### Required work
Each line below that contains "matrix" counts once; report the total and nothing more.

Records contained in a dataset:
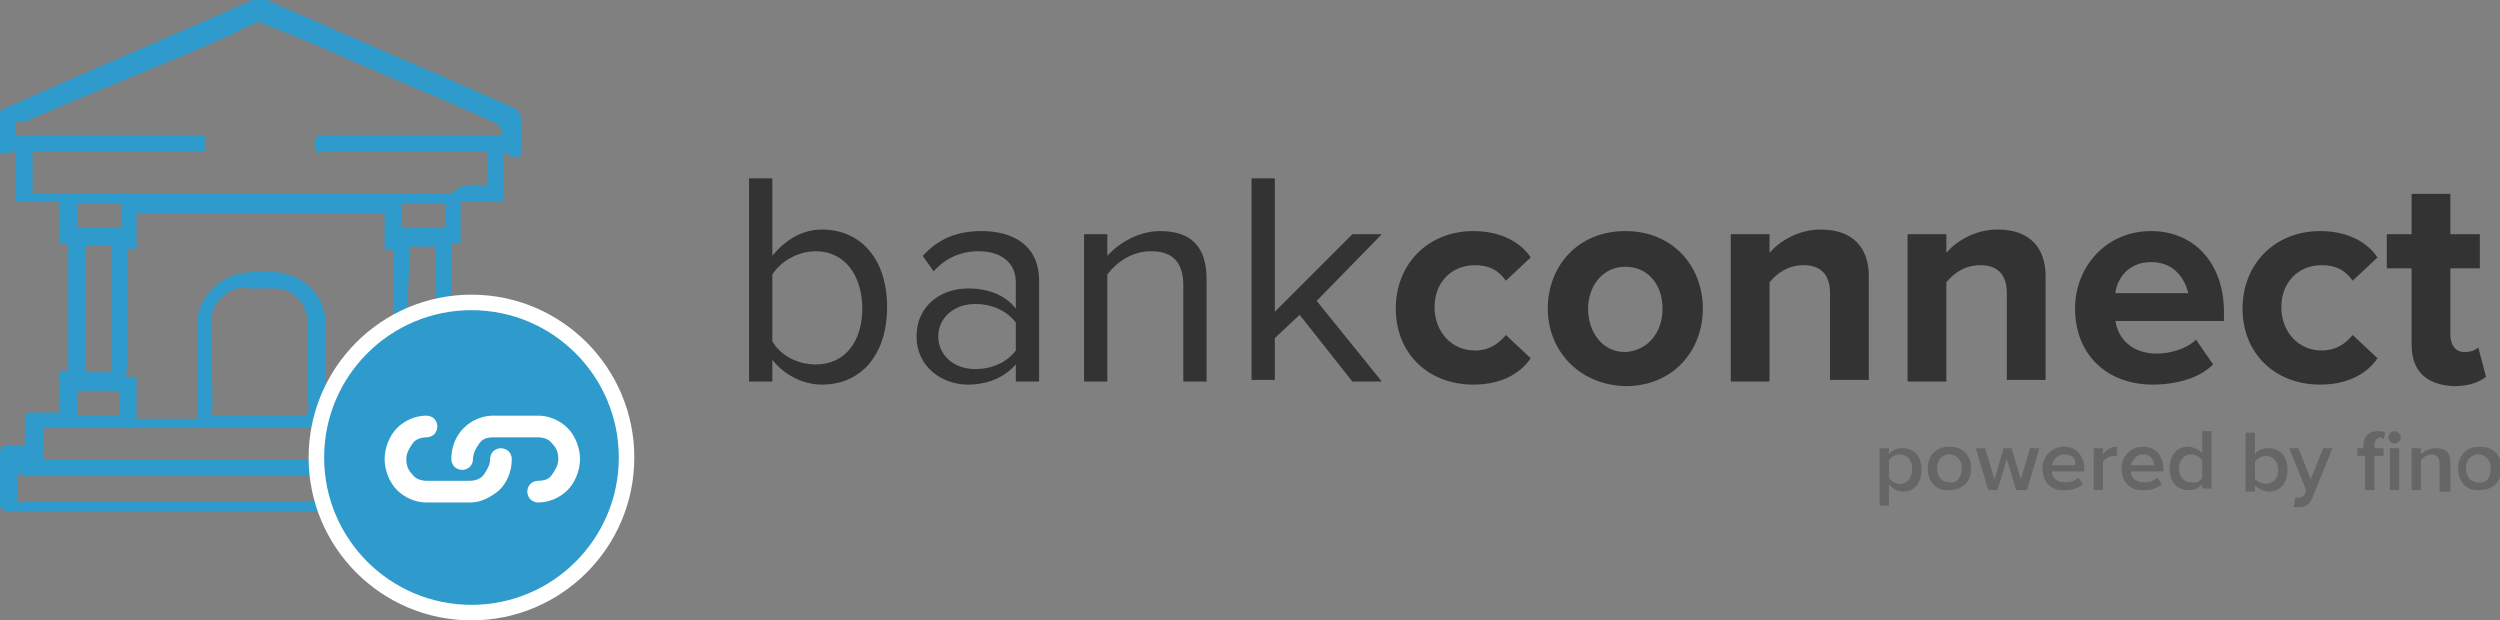 <!--Generator: Adobe Illustrator 23.0.3, SVG Export Plug-In--><svg version="1.1" xmlns="http://www.w3.org/2000/svg" xmlns:xlink="http://www.w3.org/1999/xlink" x="0px" y="0px" width="161.2px" height="40px" viewBox="0 0 161.2 40" style="enable-background:new 0 0 161.2 40;" xml:space="preserve"><rect x="0" y="0" width="161.2" height="40" fill="#808080" stroke="none"/><style type="text/css">.st0{fill:#2E9BCC;}
	.st1{fill:#2E9BCC;stroke:#FFFFFF;stroke-miterlimit:10;}
	.st2{fill:#FFFFFF;}
	.st3{fill:#333333;}
	.st4{fill:#666666;}</style><defs/><g transform="matrix(1 0 0 1 -298 -70 )"><path class="st0" d="M331,80.1c-0.2,0-0.3-0.3-0.5-0.3V82c0,0.2,0,0.4,0,0.5c0,0.2,0,0.4,0,0.5c-0.4,0-2.3,0-2.8,0
		c0,0.1,0,0.4,0,0.5c0,0.5,0,0.5,0,1.1s0,0.5,0,1.1h-0.6c0,0.2,0,0.4,0,0.5c0,2.2,0,4.9,0,7.1c0,0.2,0,0.3,0,0.5
		c0.3-0.1,0.5,0.2,0.6,0.4c0,0.1,0,0.1,0,0.1c0,0.3,0,0.3,0,0.5c0,0.4,0,1.1,0,1.6c0.2,0,0.7,0,0.9,0c0.2,0,0.4,0,0.6,0
		c0.5,0,1.2,0.1,1.2,0.6c0,0.5,0,0.7,0,1.2v0.6c0.2,0,0.2,0,0.4,0c0.4-0.1,0.7,0.3,0.8,0.7c0,0.1,0,0.1,0,0.1c0,0.9,0,1.8,0,2.6
		c0.1,0.4-0.3,0.7-0.7,0.8c-0.1,0-0.1,0-0.1,0c-0.1,0-0.1,0-0.2,0h-31.8c-0.1,0-0.2,0-0.2,0c-0.4,0-0.7-0.3-0.7-0.7
		c0-0.9,0-1.8,0-2.7c0-0.4,0.1-0.9,0.6-0.9c0.2,0,0.9,0,1.1,0c0-0.1,0-0.4,0-0.5c0-0.5,0-0.5,0-1.1c0-0.6,0.2-0.5,0.8-0.5
		c0.3,0,0.3,0,0.6,0c0.2,0,0.8,0,0.8,0c0-0.5,0-2.2,0-2.7c0.2,0,0.4,0,0.6,0c0-0.2,0-0.4,0-0.5c0-1.8,0-3.7,0-5.5c0-0.7,0-1.5,0-2.2
		c0-0.1-0.6,0.1-0.6,0c0-0.5,0-0.7,0-1.1c0-0.5,0-0.5,0-1.1v-0.5c-0.3,0-2.5,0-2.8,0V82c0-0.4,0-0.7,0-1.1c0-0.1,0-1,0-1.1
		c-0.2,0,0.2,0,0,0c-0.5,0-1.1,0.3-1.1-0.2c0-0.6,0-1.3,0-1.9c-0.1-0.4,0.2-0.7,0.6-0.8c1.1-0.5,2.3-1,3.4-1.5
		c4.1-1.8,8.3-3.6,12.4-5.4c0.3-0.1,0.6-0.1,0.9,0c3.7,1.6,7.5,3.3,11.3,4.9c1.5,0.7,3,1.3,4.5,2c0.4,0.1,0.6,0.5,0.6,0.9
		c0,0.6,0,1.2,0,1.8S331.6,80.1,331,80.1z M318.9,96.8h3.9v-0.5c0-0.5,0-1.1,0-1.6c-0.1-0.3,0.2-0.5,0.4-0.5c0.1,0,0.1,0,0.2,0
		c0-0.3,0-0.4,0-0.5c0-1.5,0-3.4,0-4.9c0-0.9,0-1.9,0-2.7h-0.6c0-0.7,0-0.6,0-1.1c0-0.5,0-0.5,0-1.1c0-0.1,0-0.4,0-0.1h-16v0.1
		c0,0.5,0,0.5,0,1.1c0,0.4,0,0.8,0,1.1c-0.3,0-0.6-0.2-0.6,0c0,0.2,0,0.9,0,1.1c0,2.1,0,4.4,0,6.6c-0.1,0.2-0.1,0.4,0,0.5h0.6
		c0,0.3,0,0.8,0,1.1c0,0.5,0,1.1,0,1.6h3.9v-1.1c0-1.8,0-3.2,0-4.9c0-1.5,1-2.8,2.5-3.3c1-0.2,2-0.3,2.9-0.1
		c1.7,0.2,2.9,1.7,2.9,3.3c0,1.8,0,3.7,0,5.5V96.8z M329.4,82c0-0.4,0-1.8,0-2.2h-8.8c-0.6,0-1.1,0-1.7,0c-0.4,0-0.6,0.2-0.6-0.3
		c0-0.5-0.1-0.8,0.6-0.8c3.5,0,7.5,0,11,0c0.5,0,0.4,0.1,0.4-0.4c0-0.1,0,0.1,0,0c-0.1-0.2-0.2-0.3-0.4-0.4
		c-2.9-1.3-5.8-2.5-8.8-3.8c-2-0.9-4.1-1.8-6.2-2.6c-0.1-0.1-0.3-0.1-0.4,0c-0.5,0.2-1,0.4-1.5,0.7c-4.3,1.9-8.9,3.7-13.3,5.6
		c-0.6,0.2-0.7-0.2-0.7,0.4v0.5c0,0.2,0.4,0,0.6,0c0.3,0,0.2,0,0.6,0c3.2,0,6.7,0,9.9,0h1.1v1.1h-0.6c-3.1,0-6.8,0-9.9,0h-0.6v2.7
		h27c0.6-0.6,1.1-0.6,1.7-0.6C329,82,329.2,82,329.4,82z M299.7,102.3H314h0.6h9.4c2,0,4.1,0,6.1,0c0.2,0,0.6,0.3,0.6,0s0-1.4,0-1.6
		c0-0.4-0.2,0-0.6,0c-2.4,0-4.7,0-7.2,0h-17.1c-2,0-4,0-6.1,0c-0.2,0-0.6-0.3-0.6,0c0,0.2,0,1.4,0,1.6
		C299.1,102.6,299.3,102.3,299.7,102.3z M300.8,97.6v2h28.6v-2H300.8z M326.1,93c0-1.1,0-2.1,0-3.3c0,0,0,0.3,0,0c0-1.1,0-2.7,0-3.8
		H325c-0.2,0-0.2,0-0.6,0c0,1-0.1,2.8-0.1,3.8c0,1.3,0.1,2,0.1,3.3c0,0.2,0,1.1,0,1.1h1.7C326.1,94.1,326.1,93.2,326.1,93z
		 M303.5,85.8c0,1.1,0,2.1,0,3.3v0.5c0,1.2,0,2.1,0,3.3c0,0.3,0,1.1,0,1.1h1.7c0-0.2,0-0.4,0-0.5c0-1.5,0-2.9,0-4.4
		c0-0.9,0-2.4,0-3.3c-0.2,0-0.4,0-0.6,0s-0.4,0-0.6,0C303.8,85.8,303.7,85.8,303.5,85.8z M305.7,96.8v-1.6H303v1.6H305.7z M303,84.7
		h2.8v-1.6H303V84.7z M323.9,95.1v1.6c0.9,0,1.9,0,2.8,0c0-0.2,0-0.4,0-0.5c0-0.4,0-0.7,0-1.1H323.9z M323.9,83.1v1.6h2.8v-1.6
		H323.9z M317.9,96.2c-0.1-0.9-0.1-1.3-0.1-2.2V93c0-0.8,0-1.4,0-2.2c0.1-1.1-0.8-2.1-1.9-2.2c-0.1,0-0.2,0-0.3,0
		c-0.4,0-1.3,0-1.7,0c-0.2-0.1-0.4-0.1-0.6,0c-1,0.3-1.7,1.1-1.7,2.2c0,1.7,0.1,3.7,0.1,5.4c0,0.2-0.2,0.6,0,0.6c1.7,0,4.3,0,6,0
		C317.9,96.6,317.9,96.4,317.9,96.2z"/></g><circle class="st1" cx="30.4" cy="29.5" r="10"/><g transform="matrix(1 0 0 1 -745 -360 )"><path class="st2" d="M779.7,392.4L779.7,392.4c-0.2,0-0.4-0.1-0.5-0.2c-0.1-0.1-0.2-0.3-0.2-0.5s0.1-0.4,0.2-0.5
		c0.1-0.1,0.3-0.2,0.5-0.2h0c0.4,0,0.7-0.1,0.9-0.4c0.2-0.3,0.4-0.6,0.4-1s-0.1-0.7-0.4-1c-0.2-0.3-0.6-0.4-0.9-0.4h-2.9
		c-0.4,0-0.7,0.1-0.9,0.4c-0.2,0.3-0.4,0.6-0.4,1c0,0.2-0.1,0.4-0.2,0.5c-0.1,0.1-0.3,0.2-0.5,0.2c-0.2,0-0.4-0.1-0.5-0.2
		c-0.1-0.1-0.2-0.3-0.2-0.5c0-0.8,0.3-1.5,0.8-2c0.5-0.5,1.2-0.8,1.9-0.8h2.9c0.7,0,1.4,0.3,1.9,0.8c0.5,0.5,0.8,1.3,0.8,2
		s-0.3,1.5-0.8,2C781.1,392.1,780.4,392.4,779.7,392.4z M775.3,392.4h-2.8c-0.7,0-1.4-0.3-1.9-0.8c-0.5-0.5-0.8-1.3-0.8-2
		s0.3-1.5,0.8-2c0.5-0.5,1.2-0.8,1.9-0.8h0c0.2,0,0.4,0.1,0.5,0.2c0.1,0.1,0.2,0.3,0.2,0.5c0,0.2-0.1,0.4-0.2,0.5
		c-0.1,0.1-0.3,0.2-0.5,0.2h0c-0.3,0-0.7,0.1-0.9,0.4c-0.2,0.3-0.4,0.6-0.4,1s0.1,0.7,0.4,1c0.2,0.3,0.6,0.4,0.9,0.4h2.8
		c0.3,0,0.7-0.1,0.9-0.4c0.2-0.3,0.4-0.6,0.4-1c0-0.2,0.1-0.4,0.2-0.5c0.1-0.1,0.3-0.2,0.5-0.2s0.4,0.1,0.5,0.2
		c0.1,0.1,0.2,0.3,0.2,0.5c0,0.8-0.3,1.5-0.8,2C776.6,392.1,776,392.4,775.3,392.4z"/></g><g><path class="st3" d="M48.3,24.6V11.5h1.5v5c0.8-1,1.9-1.7,3.2-1.7c2.5,0,4.2,1.9,4.2,5c0,3.1-1.7,5-4.2,5c-1.3,0-2.5-0.7-3.2-1.6
		v1.4H48.3z M52.6,23.5c1.9,0,3-1.5,3-3.6c0-2.1-1.1-3.7-3-3.7c-1.2,0-2.3,0.7-2.8,1.5V22C50.3,22.9,51.4,23.5,52.6,23.5z"/><path class="st3" d="M65.5,24.6v-1.1c-0.8,0.9-1.9,1.3-3.1,1.3c-1.6,0-3.3-1.1-3.3-3.1c0-2.1,1.7-3.1,3.3-3.1
		c1.3,0,2.4,0.4,3.1,1.3v-1.7c0-1.3-1-2-2.4-2c-1.1,0-2.1,0.4-2.9,1.3l-0.7-1c1-1.1,2.2-1.6,3.8-1.6c2,0,3.7,0.9,3.7,3.2v6.5H65.5z
		 M65.5,22.6v-1.8c-0.6-0.8-1.6-1.2-2.6-1.2c-1.4,0-2.4,0.9-2.4,2.1c0,1.2,1,2.1,2.4,2.1C63.9,23.8,64.9,23.4,65.5,22.6z"/><path class="st3" d="M76.3,24.6v-6.2c0-1.7-0.9-2.2-2.1-2.2c-1.2,0-2.2,0.7-2.8,1.5v6.9h-1.5v-9.5h1.5v1.4c0.7-0.8,2-1.6,3.4-1.6
		c2,0,3,1,3,3.1v6.6H76.3z"/><path class="st3" d="M87.2,24.6l-3.4-4.3l-1.6,1.5v2.7h-1.5V11.5h1.5v8.6l5-5h1.9l-4.2,4.3l4.2,5.2H87.2z"/><path class="st3" d="M90,19.9c0-2.9,2.1-5,5-5c1.9,0,3.1,0.8,3.7,1.7l-1.6,1.5c-0.5-0.7-1.1-1-2-1c-1.5,0-2.6,1.1-2.6,2.7
		s1.1,2.8,2.6,2.8c0.9,0,1.5-0.4,2-1l1.6,1.5c-0.6,0.9-1.8,1.7-3.7,1.7C92.1,24.8,90,22.8,90,19.9z"/><path class="st3" d="M99.8,19.9c0-2.7,1.9-5,5-5c3.1,0,5,2.3,5,5s-1.9,5-5,5C101.7,24.8,99.8,22.5,99.8,19.9z M107.2,19.9
		c0-1.5-0.9-2.7-2.4-2.7c-1.5,0-2.4,1.3-2.4,2.7c0,1.5,0.9,2.8,2.4,2.8C106.3,22.6,107.2,21.4,107.2,19.9z"/><path class="st3" d="M118,24.6v-5.7c0-1.3-0.7-1.8-1.7-1.8c-1,0-1.7,0.5-2.2,1.1v6.4h-2.5v-9.5h2.5v1.2c0.6-0.7,1.8-1.5,3.3-1.5
		c2.1,0,3.1,1.2,3.1,3v6.7H118z"/><path class="st3" d="M129.4,24.6v-5.7c0-1.3-0.7-1.8-1.7-1.8c-1,0-1.7,0.5-2.2,1.1v6.4H123v-9.5h2.5v1.2c0.6-0.7,1.8-1.5,3.3-1.5
		c2.1,0,3.1,1.2,3.1,3v6.7H129.4z"/><path class="st3" d="M133.8,19.9c0-2.7,2-5,4.9-5c2.8,0,4.7,2.1,4.7,5.2v0.6h-7c0.2,1.2,1.1,2.1,2.7,2.1c0.8,0,1.9-0.3,2.5-0.9
		l1.1,1.6c-0.9,0.9-2.4,1.3-3.9,1.3C135.9,24.8,133.8,22.9,133.8,19.9z M138.7,16.9c-1.5,0-2.2,1.1-2.3,2h4.7
		C140.9,18.1,140.3,16.9,138.7,16.9z"/><path class="st3" d="M144.6,19.9c0-2.9,2.1-5,5-5c1.9,0,3.1,0.8,3.7,1.7l-1.6,1.5c-0.5-0.7-1.1-1-2-1c-1.5,0-2.6,1.1-2.6,2.7
		s1.1,2.8,2.6,2.8c0.9,0,1.5-0.4,2-1l1.6,1.5c-0.6,0.9-1.8,1.7-3.7,1.7C146.7,24.8,144.6,22.8,144.6,19.9z"/><path class="st3" d="M155.5,22.2v-4.9h-1.6v-2.2h1.6v-2.6h2.5v2.6h1.9v2.2H158v4.3c0,0.6,0.3,1.1,0.9,1.1c0.4,0,0.7-0.1,0.9-0.3
		l0.5,1.9c-0.4,0.3-1,0.6-2.1,0.6C156.4,24.8,155.5,23.9,155.5,22.2z"/></g><g><path class="st4" d="M121.8,31.2v1.4h-0.6v-3.7h0.6v0.4c0.2-0.3,0.5-0.4,0.9-0.4c0.7,0,1.2,0.5,1.2,1.4c0,0.9-0.5,1.4-1.2,1.4
		C122.3,31.7,122,31.5,121.8,31.2z M123.3,30.2c0-0.5-0.3-0.9-0.8-0.9c-0.3,0-0.6,0.2-0.7,0.4v1.1c0.1,0.2,0.4,0.4,0.7,0.4
		C123,31.2,123.3,30.8,123.3,30.2z"/><path class="st4" d="M124.3,30.2c0-0.8,0.5-1.4,1.4-1.4c0.9,0,1.4,0.6,1.4,1.4c0,0.8-0.5,1.4-1.4,1.4
		C124.8,31.7,124.3,31,124.3,30.2z M126.5,30.2c0-0.5-0.3-0.9-0.8-0.9c-0.5,0-0.8,0.4-0.8,0.9c0,0.5,0.3,0.9,0.8,0.9
		C126.2,31.2,126.5,30.7,126.5,30.2z"/><path class="st4" d="M130,31.6l-0.6-2l-0.6,2h-0.6l-0.8-2.7h0.6l0.6,2l0.6-2h0.5l0.6,2l0.6-2h0.6l-0.8,2.7H130z"/><path class="st4" d="M131.7,30.2c0-0.8,0.6-1.4,1.4-1.4c0.8,0,1.3,0.6,1.3,1.5v0.1h-2.1c0,0.4,0.3,0.7,0.9,0.7
		c0.3,0,0.6-0.1,0.8-0.3l0.3,0.4c-0.3,0.3-0.7,0.4-1.1,0.4C132.3,31.7,131.7,31.1,131.7,30.2z M133.1,29.3c-0.5,0-0.7,0.4-0.8,0.7
		h1.5C133.9,29.7,133.7,29.3,133.1,29.3z"/><path class="st4" d="M135,31.6v-2.7h0.6v0.4c0.2-0.3,0.5-0.5,0.9-0.5v0.6c0,0-0.1,0-0.2,0c-0.3,0-0.6,0.2-0.7,0.4v1.8H135z"/><path class="st4" d="M136.8,30.2c0-0.8,0.6-1.4,1.4-1.4c0.8,0,1.3,0.6,1.3,1.5v0.1h-2.1c0,0.4,0.3,0.7,0.9,0.7
		c0.3,0,0.6-0.1,0.8-0.3l0.3,0.4c-0.3,0.3-0.7,0.4-1.1,0.4C137.4,31.7,136.8,31.1,136.8,30.2z M138.2,29.3c-0.5,0-0.7,0.4-0.8,0.7
		h1.5C138.9,29.7,138.7,29.3,138.2,29.3z"/><path class="st4" d="M142,31.6v-0.4c-0.2,0.3-0.5,0.4-0.9,0.4c-0.7,0-1.2-0.5-1.2-1.4c0-0.9,0.5-1.4,1.2-1.4c0.3,0,0.7,0.2,0.9,0.4
		v-1.4h0.6v3.7H142z M142,30.8v-1.1c-0.1-0.2-0.4-0.4-0.7-0.4c-0.5,0-0.8,0.4-0.8,0.9c0,0.5,0.3,0.9,0.8,0.9
		C141.6,31.2,141.9,31,142,30.8z"/><path class="st4" d="M144.8,31.6v-3.7h0.6v1.4c0.2-0.3,0.5-0.4,0.9-0.4c0.7,0,1.2,0.5,1.2,1.4c0,0.9-0.5,1.4-1.2,1.4
		c-0.3,0-0.7-0.2-0.9-0.4v0.4H144.8z M146.1,31.2c0.5,0,0.8-0.4,0.8-0.9c0-0.5-0.3-0.9-0.8-0.9c-0.3,0-0.6,0.2-0.7,0.4v1.1
		C145.5,31,145.8,31.2,146.1,31.2z"/><path class="st4" d="M148,32.1c0.1,0,0.2,0,0.2,0c0.2,0,0.3-0.1,0.4-0.2l0.1-0.3l-1.1-2.7h0.6l0.8,2l0.8-2h0.6l-1.3,3.2
		c-0.2,0.5-0.5,0.6-0.9,0.6c-0.1,0-0.3,0-0.3,0L148,32.1z"/><path class="st4" d="M152.5,31.6v-2.2H152v-0.5h0.4v-0.2c0-0.6,0.4-0.9,0.9-0.9c0.2,0,0.4,0,0.5,0.1l-0.1,0.4
		c-0.1,0-0.1-0.1-0.2-0.1c-0.2,0-0.4,0.2-0.4,0.5v0.2h0.6v0.5h-0.6v2.2H152.5z M154,28.2c0-0.2,0.2-0.4,0.4-0.4
		c0.2,0,0.4,0.2,0.4,0.4s-0.2,0.4-0.4,0.4C154.2,28.6,154,28.4,154,28.2z M154.1,31.6v-2.7h0.6v2.7H154.1z"/><path class="st4" d="M157.3,31.6v-1.7c0-0.4-0.2-0.6-0.5-0.6c-0.3,0-0.6,0.2-0.7,0.4v1.9h-0.6v-2.7h0.6v0.4c0.2-0.2,0.5-0.4,1-0.4
		c0.6,0,0.9,0.3,0.9,0.9v1.9H157.3z"/><path class="st4" d="M158.5,30.2c0-0.8,0.5-1.4,1.4-1.4c0.9,0,1.4,0.6,1.4,1.4c0,0.8-0.5,1.4-1.4,1.4C159,31.7,158.5,31,158.5,30.2
		z M160.6,30.2c0-0.5-0.3-0.9-0.8-0.9c-0.5,0-0.8,0.4-0.8,0.9c0,0.5,0.3,0.9,0.8,0.9C160.4,31.2,160.6,30.7,160.6,30.2z"/></g></svg>

### Answer
2